[Directions]: Give back the records that follow exactly, images excluded.

- - - - - - -

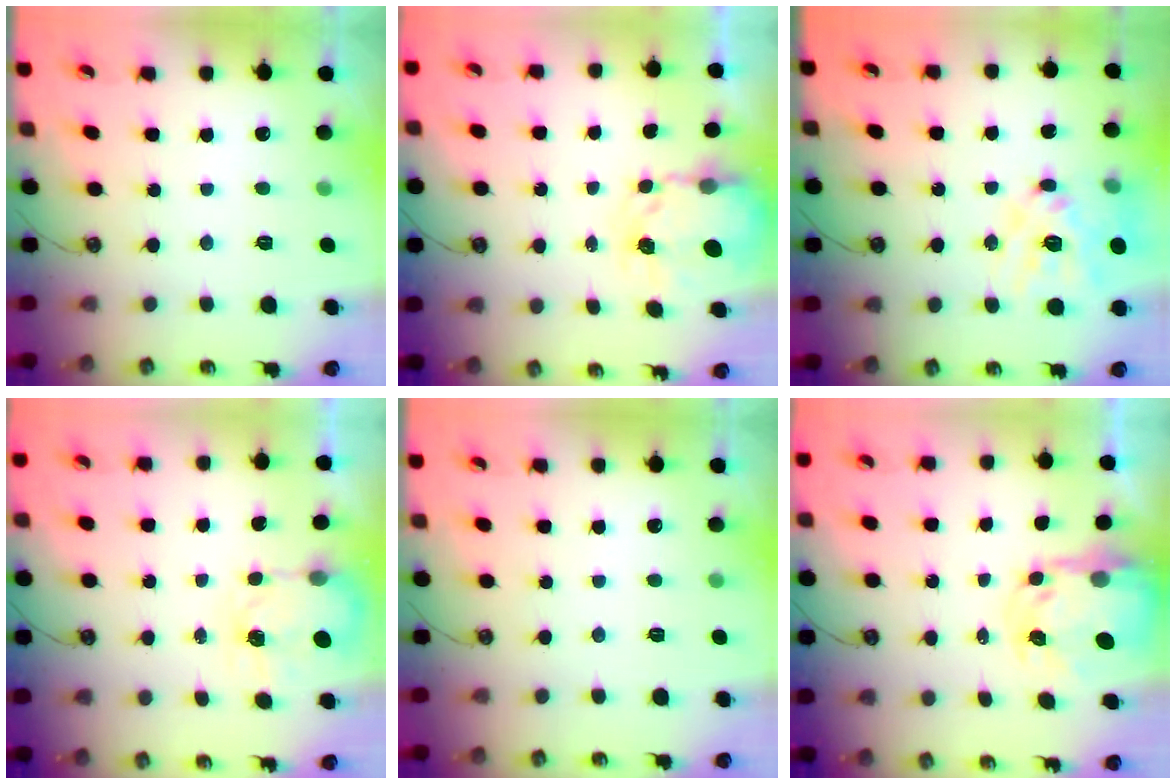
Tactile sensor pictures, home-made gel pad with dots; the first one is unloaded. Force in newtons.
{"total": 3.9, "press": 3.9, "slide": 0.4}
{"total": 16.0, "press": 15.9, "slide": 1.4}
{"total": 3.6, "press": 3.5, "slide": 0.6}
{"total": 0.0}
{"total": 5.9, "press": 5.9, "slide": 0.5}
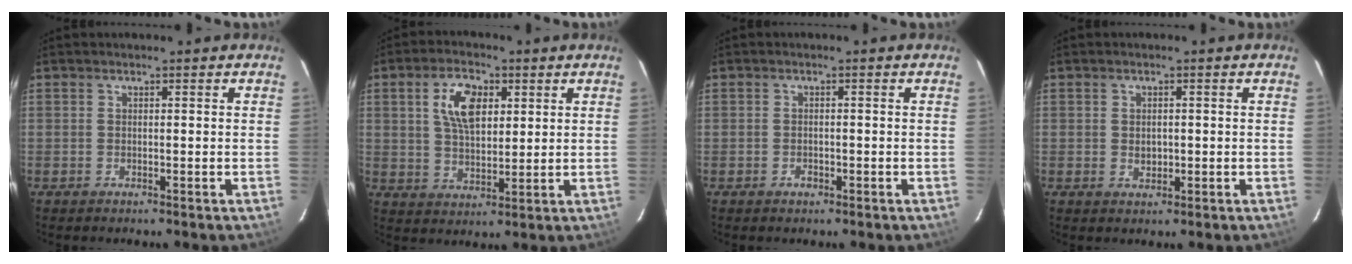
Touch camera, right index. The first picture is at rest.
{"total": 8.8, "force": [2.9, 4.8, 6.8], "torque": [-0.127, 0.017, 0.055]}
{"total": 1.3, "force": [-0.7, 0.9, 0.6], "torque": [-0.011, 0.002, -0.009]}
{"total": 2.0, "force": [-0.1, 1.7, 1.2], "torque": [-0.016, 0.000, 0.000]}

- - - - - - -

[Completed exercise]:
Tactile sensor pictures, home-made gel pad with dots; the first one is unloaded. Force in newtons.
{"total": 3.9, "press": 3.9, "slide": 0.4}
{"total": 16.0, "press": 15.9, "slide": 1.4}
{"total": 3.6, "press": 3.5, "slide": 0.6}
{"total": 0.0}
{"total": 5.9, "press": 5.9, "slide": 0.5}
Touch camera, right index. The first picture is at rest.
{"total": 8.8, "force": [2.9, 4.8, 6.8], "torque": [-0.127, 0.017, 0.055]}
{"total": 1.3, "force": [-0.7, 0.9, 0.6], "torque": [-0.011, 0.002, -0.009]}
{"total": 2.0, "force": [-0.1, 1.7, 1.2], "torque": [-0.016, 0.000, 0.000]}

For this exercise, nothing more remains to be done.